> [Material provided]:
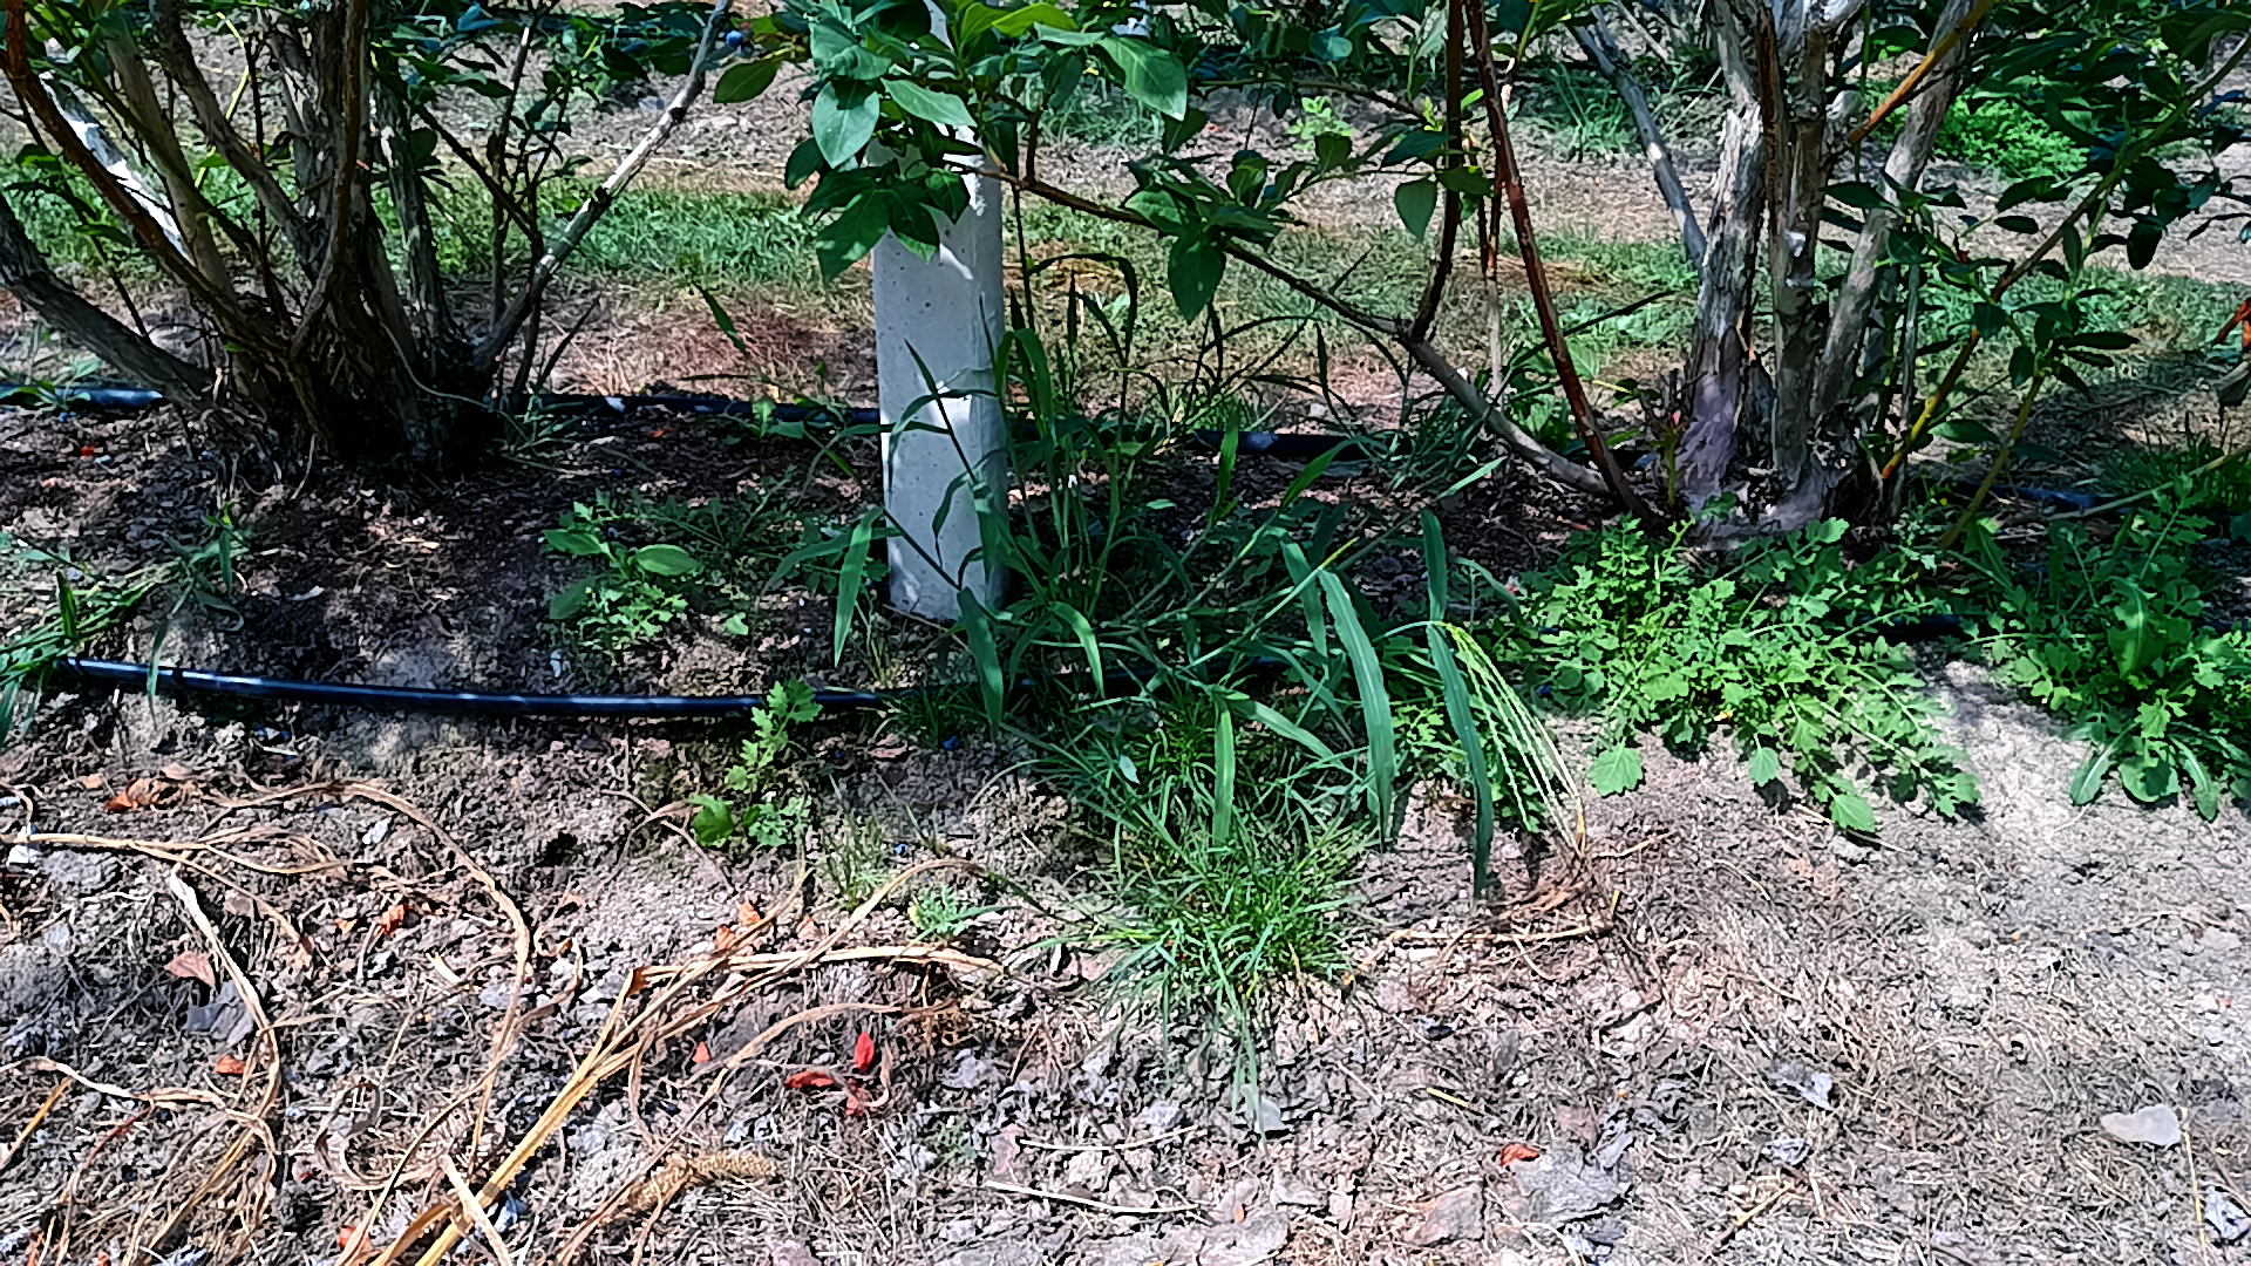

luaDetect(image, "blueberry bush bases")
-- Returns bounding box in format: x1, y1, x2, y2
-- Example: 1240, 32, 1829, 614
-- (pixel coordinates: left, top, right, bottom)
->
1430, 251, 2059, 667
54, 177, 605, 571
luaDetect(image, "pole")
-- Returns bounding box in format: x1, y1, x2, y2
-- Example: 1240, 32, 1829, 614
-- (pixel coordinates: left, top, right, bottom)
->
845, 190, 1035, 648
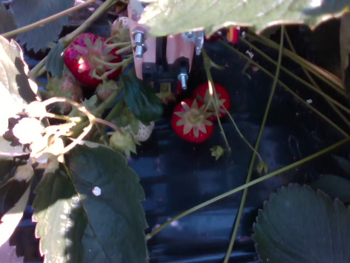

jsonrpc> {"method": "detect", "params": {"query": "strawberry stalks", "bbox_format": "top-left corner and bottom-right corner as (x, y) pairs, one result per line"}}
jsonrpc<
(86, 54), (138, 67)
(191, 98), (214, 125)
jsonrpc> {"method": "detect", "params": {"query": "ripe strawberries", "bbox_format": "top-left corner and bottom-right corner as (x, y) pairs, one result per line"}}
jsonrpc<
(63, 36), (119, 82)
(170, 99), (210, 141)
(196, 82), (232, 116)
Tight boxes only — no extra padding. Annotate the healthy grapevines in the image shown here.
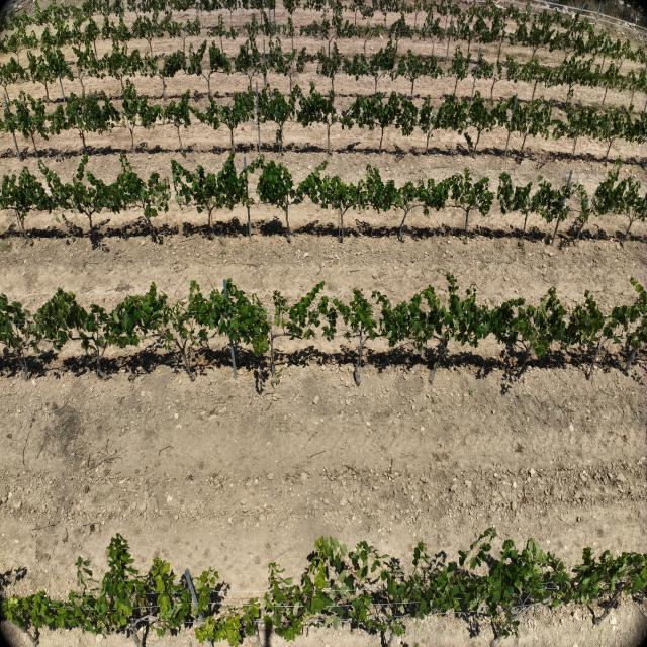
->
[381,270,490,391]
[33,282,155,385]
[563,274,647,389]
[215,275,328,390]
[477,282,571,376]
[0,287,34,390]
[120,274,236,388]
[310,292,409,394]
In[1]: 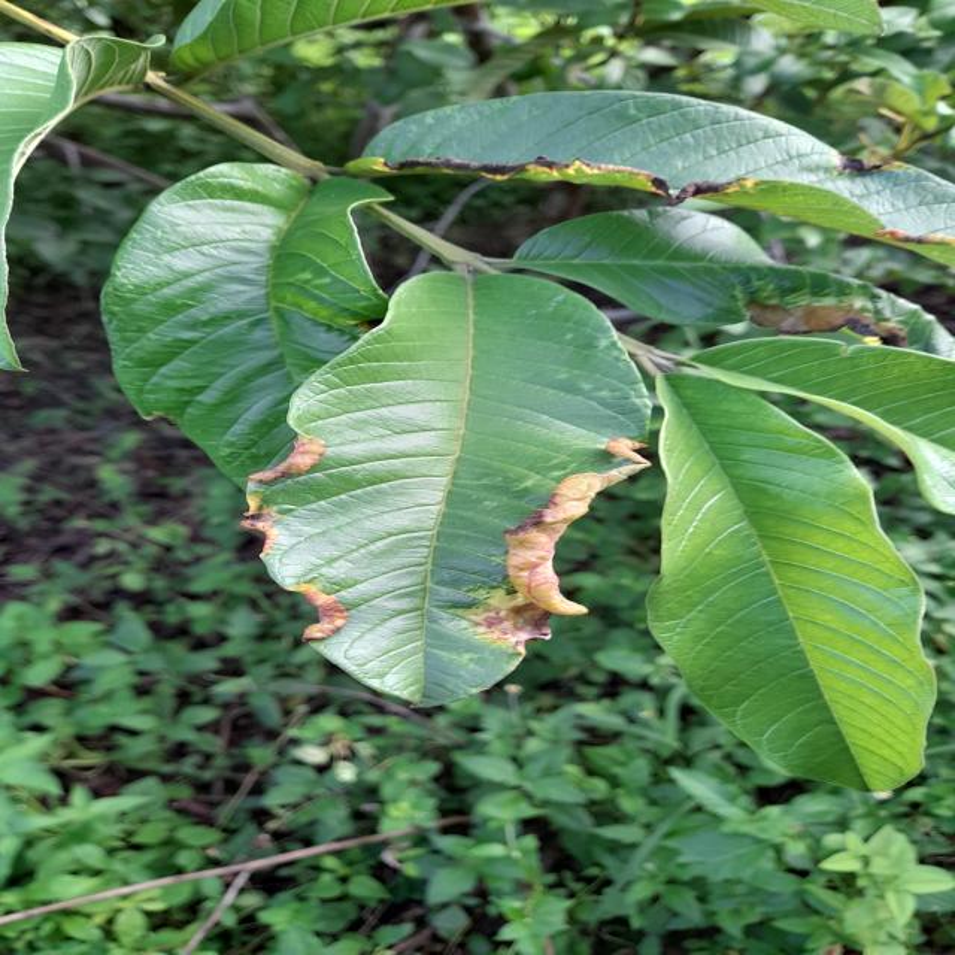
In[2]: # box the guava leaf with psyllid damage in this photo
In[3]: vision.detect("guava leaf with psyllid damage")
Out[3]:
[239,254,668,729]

---

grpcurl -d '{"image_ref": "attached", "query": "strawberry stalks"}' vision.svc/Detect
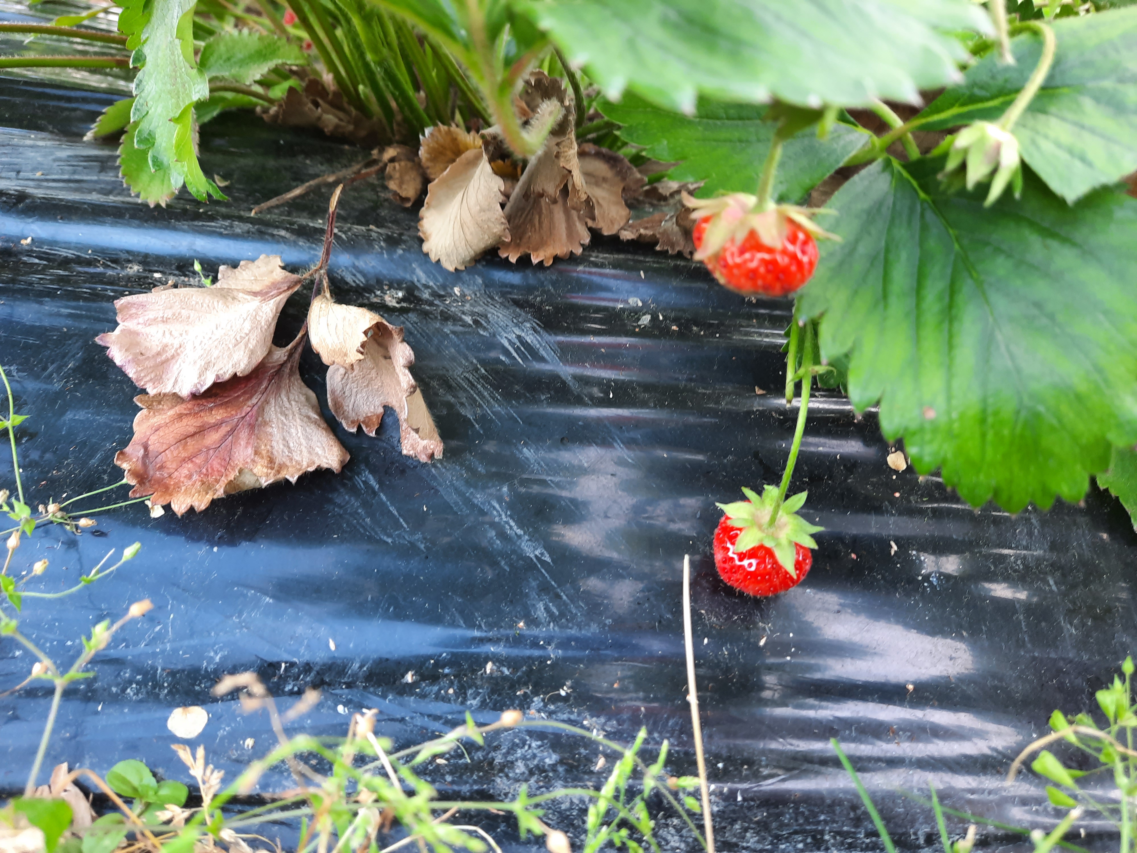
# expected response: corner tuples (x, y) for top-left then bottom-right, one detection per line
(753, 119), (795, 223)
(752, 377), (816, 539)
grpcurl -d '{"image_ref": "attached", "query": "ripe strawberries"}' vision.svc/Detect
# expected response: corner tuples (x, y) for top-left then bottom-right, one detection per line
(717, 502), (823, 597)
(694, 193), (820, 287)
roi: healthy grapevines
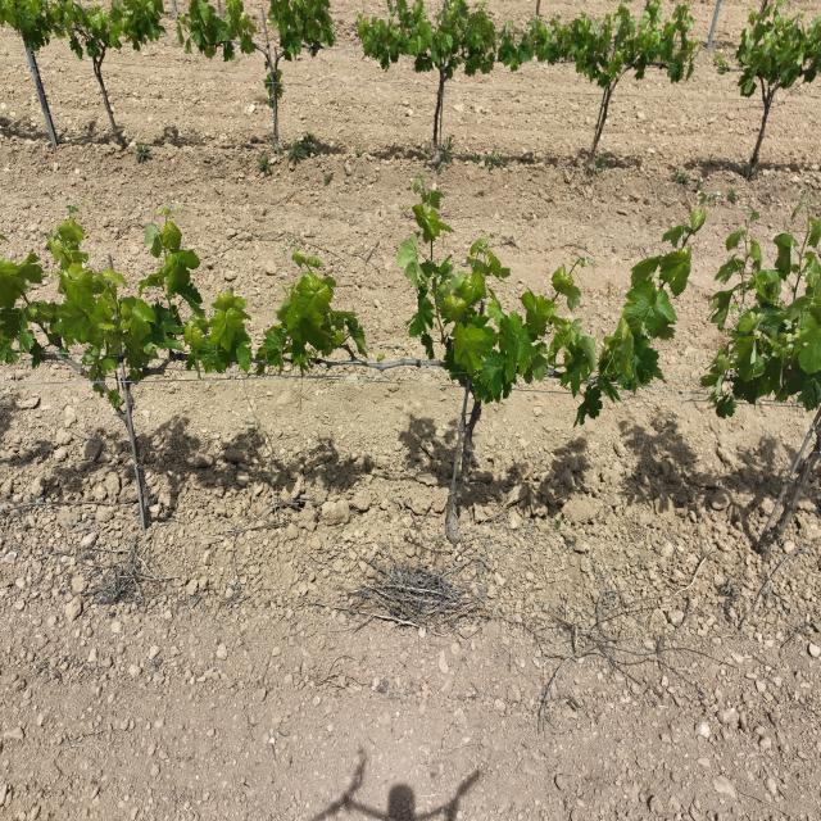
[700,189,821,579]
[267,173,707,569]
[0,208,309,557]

* * *

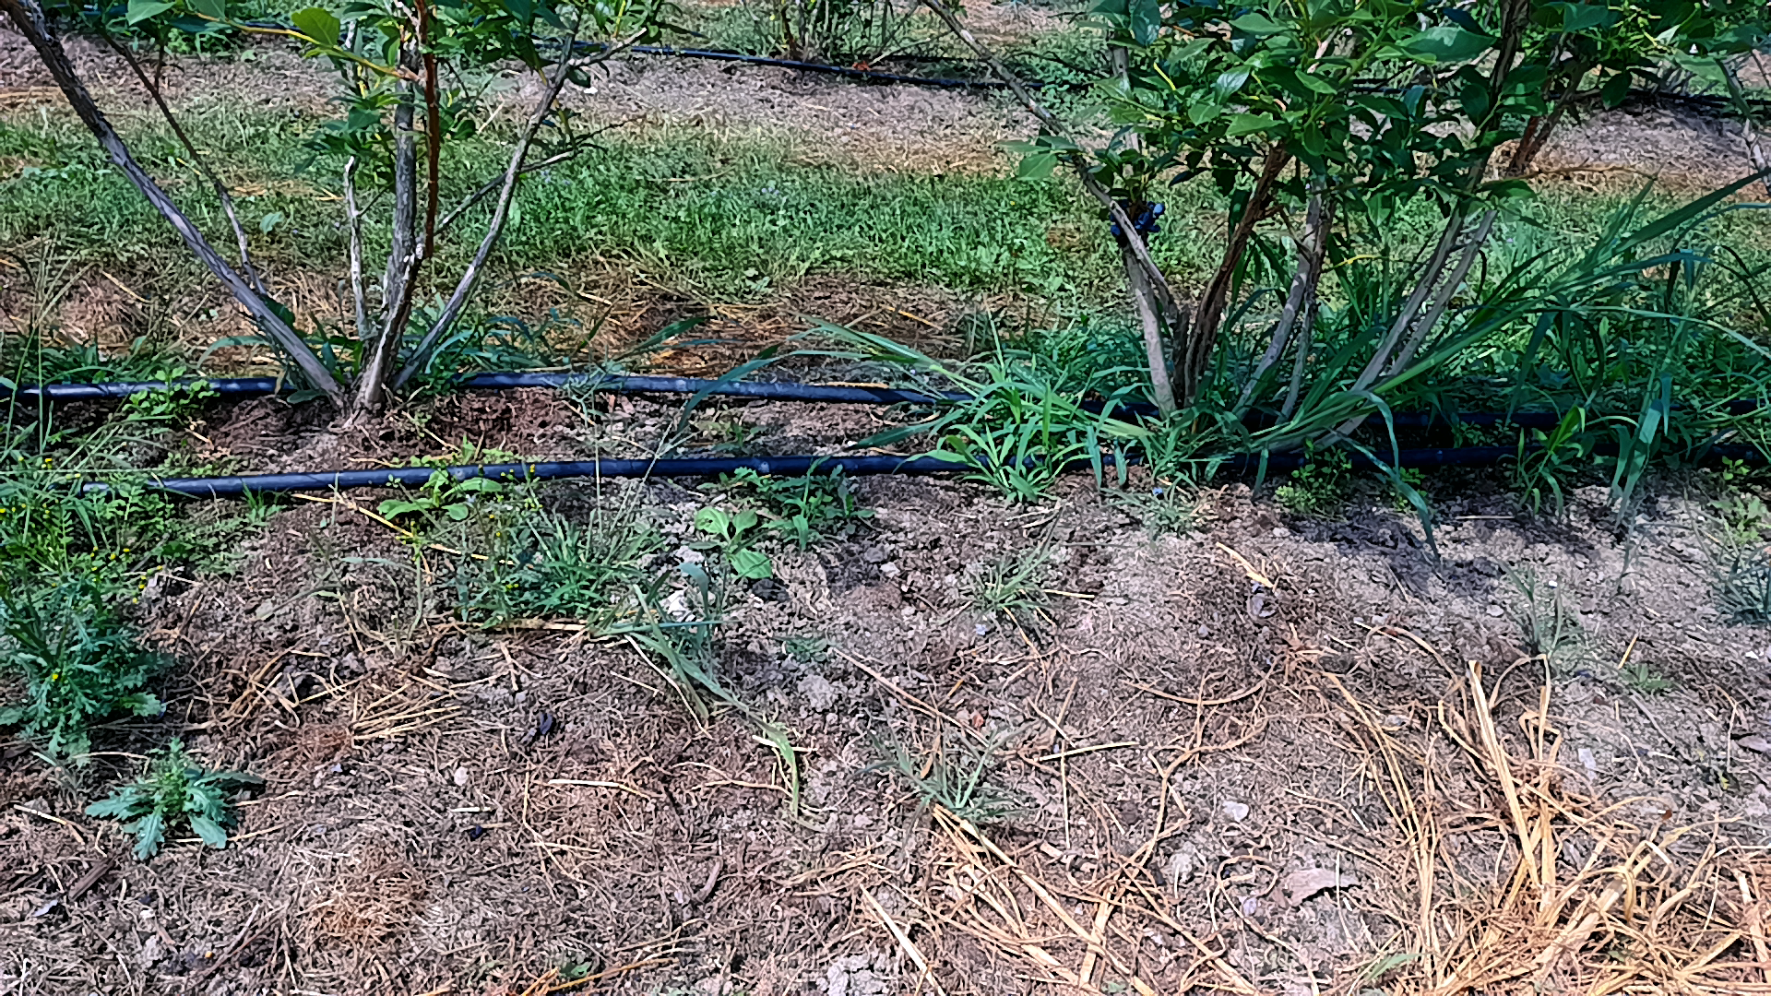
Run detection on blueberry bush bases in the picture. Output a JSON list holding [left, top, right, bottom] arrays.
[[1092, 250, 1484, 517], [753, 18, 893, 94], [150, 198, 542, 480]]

> [What to do]:
Copy every line of the records above that contains "with".

> [Your solution]:
In[2]: # box the guava leaf with psyllid damage in this photo
In[3]: vision.detect("guava leaf with psyllid damage")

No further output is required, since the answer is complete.